▶ What you need to do
The listing below is to be given again in full and word for word, without its images.

▶ Data supplied
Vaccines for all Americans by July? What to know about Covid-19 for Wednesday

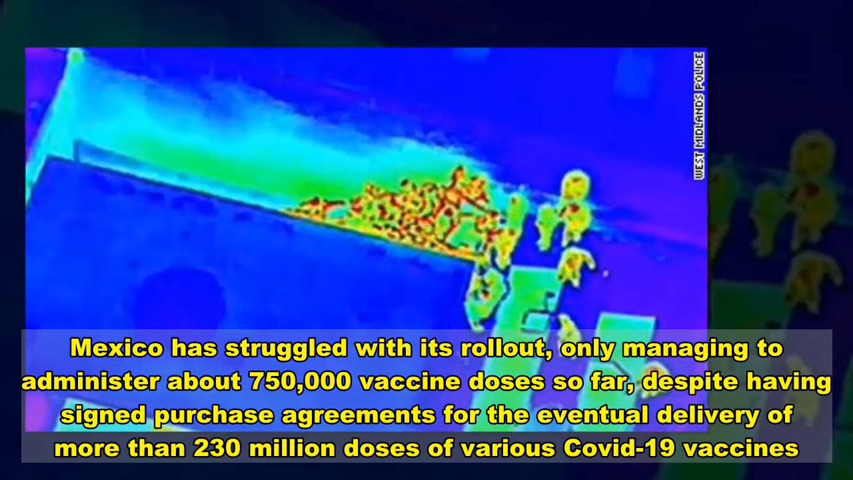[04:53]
Thermal imaging shows revelers exiting an illegal party in Birmingham, England, in the early hours of Sunday.
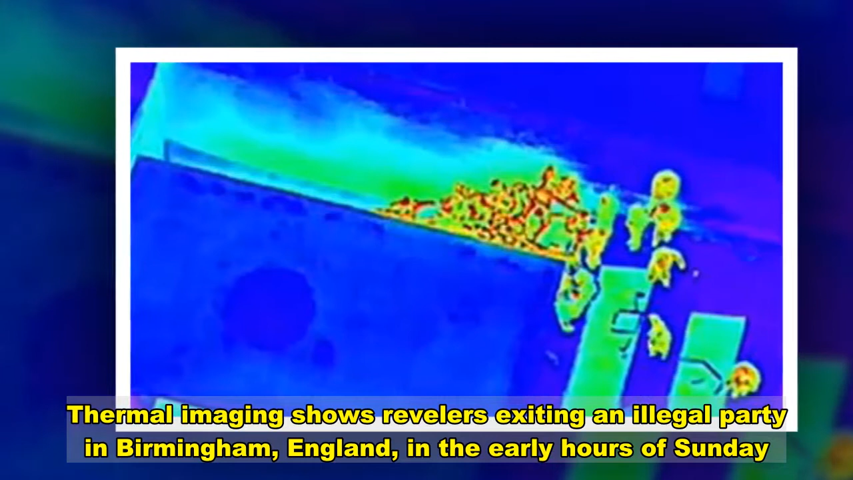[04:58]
Revelers breaching England's pandemic rules attempted a rooftop

▶ Exercise solution
Vaccines for all Americans by July? What to know about Covid-19 for Wednesday

[04:53]
Thermal imaging shows revelers exiting an illegal party in Birmingham, England, in the early hours of Sunday.
[04:58]
Revelers breaching England's pandemic rules attempted a rooftop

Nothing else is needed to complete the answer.